**** The records ****

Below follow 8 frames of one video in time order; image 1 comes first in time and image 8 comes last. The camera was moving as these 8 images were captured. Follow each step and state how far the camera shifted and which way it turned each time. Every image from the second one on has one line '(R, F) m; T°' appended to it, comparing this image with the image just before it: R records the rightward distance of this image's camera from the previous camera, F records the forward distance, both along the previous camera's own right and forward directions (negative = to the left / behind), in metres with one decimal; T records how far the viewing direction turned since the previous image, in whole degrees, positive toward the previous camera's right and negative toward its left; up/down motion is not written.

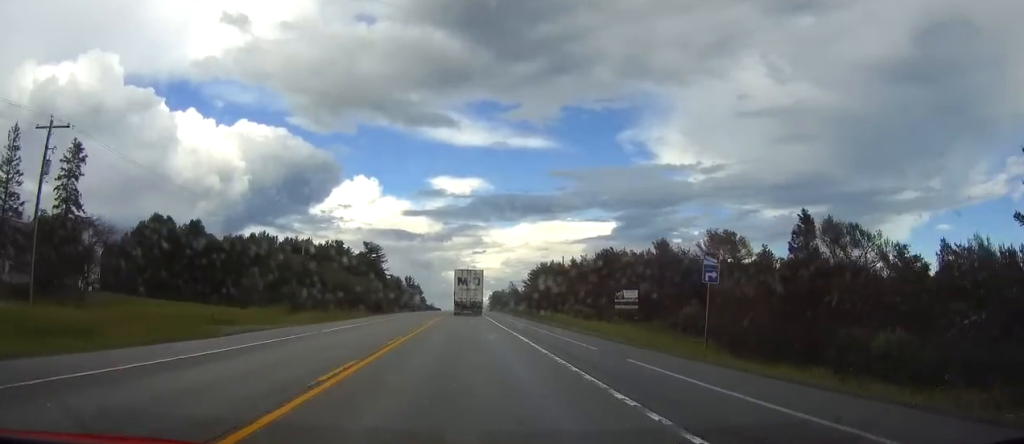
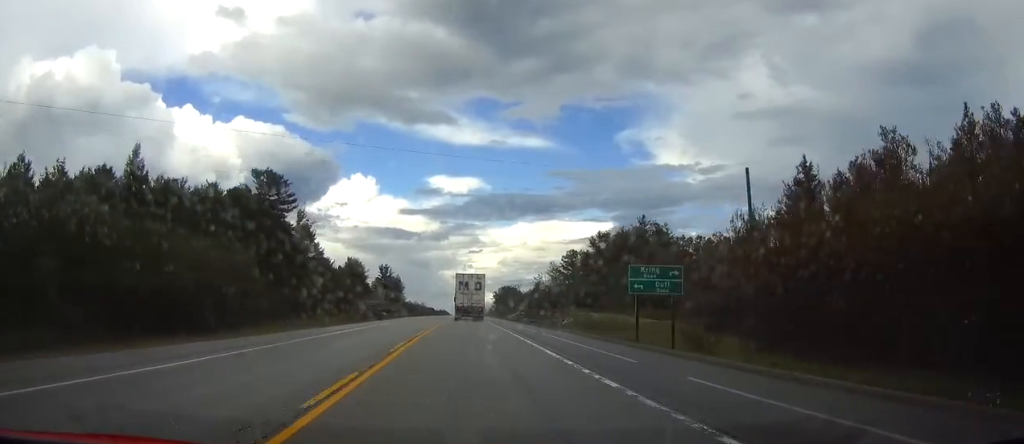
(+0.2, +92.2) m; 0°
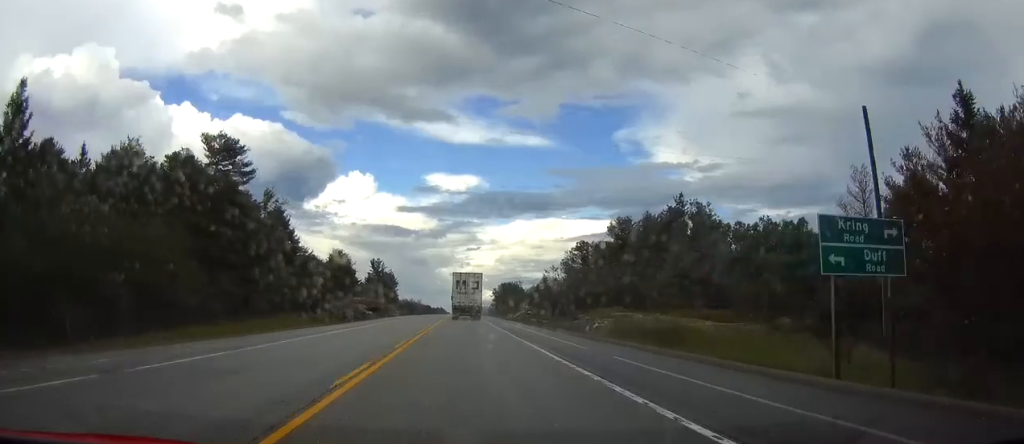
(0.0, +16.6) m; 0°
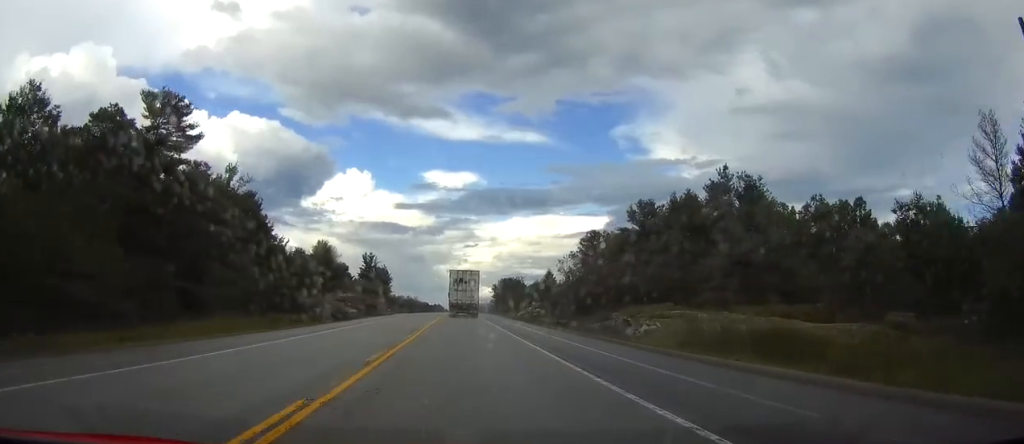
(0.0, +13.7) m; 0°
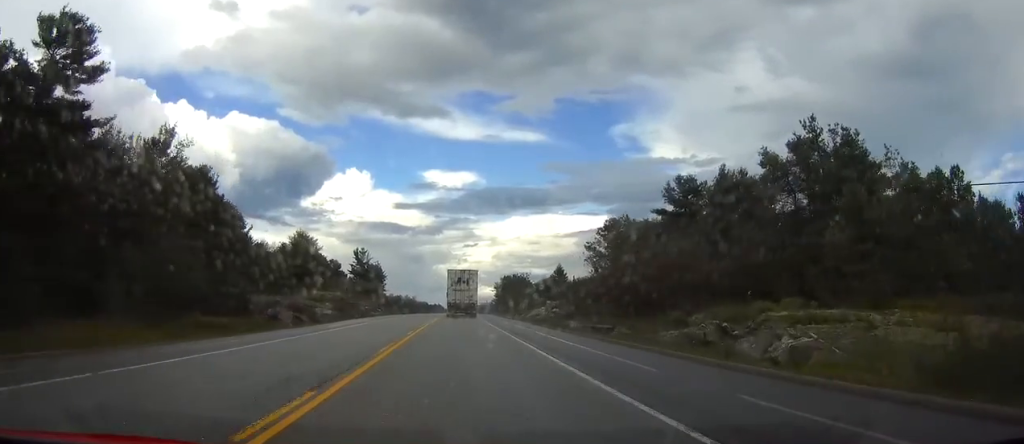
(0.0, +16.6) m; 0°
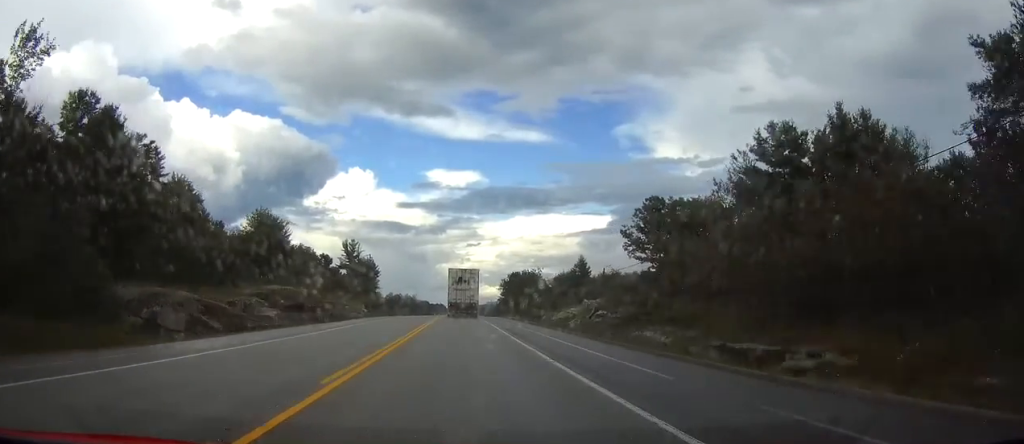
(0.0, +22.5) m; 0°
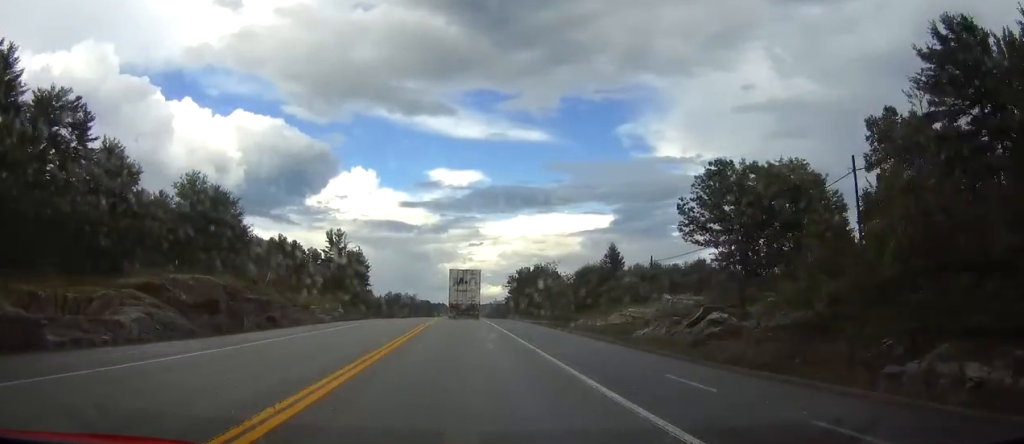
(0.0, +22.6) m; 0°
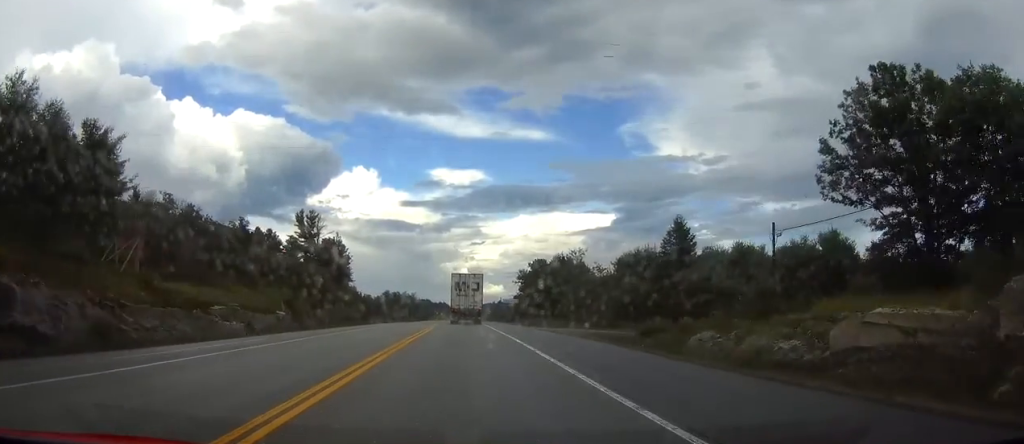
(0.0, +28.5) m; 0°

****

Aim of the task:
Keep every word of the records and none of the pictures when you print them again.

Task output:
Below follow 8 frames of one video in time order; image 1 comes first in time and image 8 comes last. The camera was moving as these 8 images were captured. Follow each step and state how far the camera shifted and which way it turned each time. Every image from the second one on has one line '(R, F) m; T°' appended to it, comparing this image with the image just before it: R records the rightward distance of this image's camera from the previous camera, F records the forward distance, both along the previous camera's own right and forward directions (negative = to the left / behind), in metres with one decimal; T records how far the viewing direction turned since the previous image, in whole degrees, positive toward the previous camera's right and negative toward its left; up/down motion is not written.

(+0.2, +92.2) m; 0°
(0.0, +16.6) m; 0°
(0.0, +13.7) m; 0°
(0.0, +16.6) m; 0°
(0.0, +22.5) m; 0°
(0.0, +22.6) m; 0°
(0.0, +28.5) m; 0°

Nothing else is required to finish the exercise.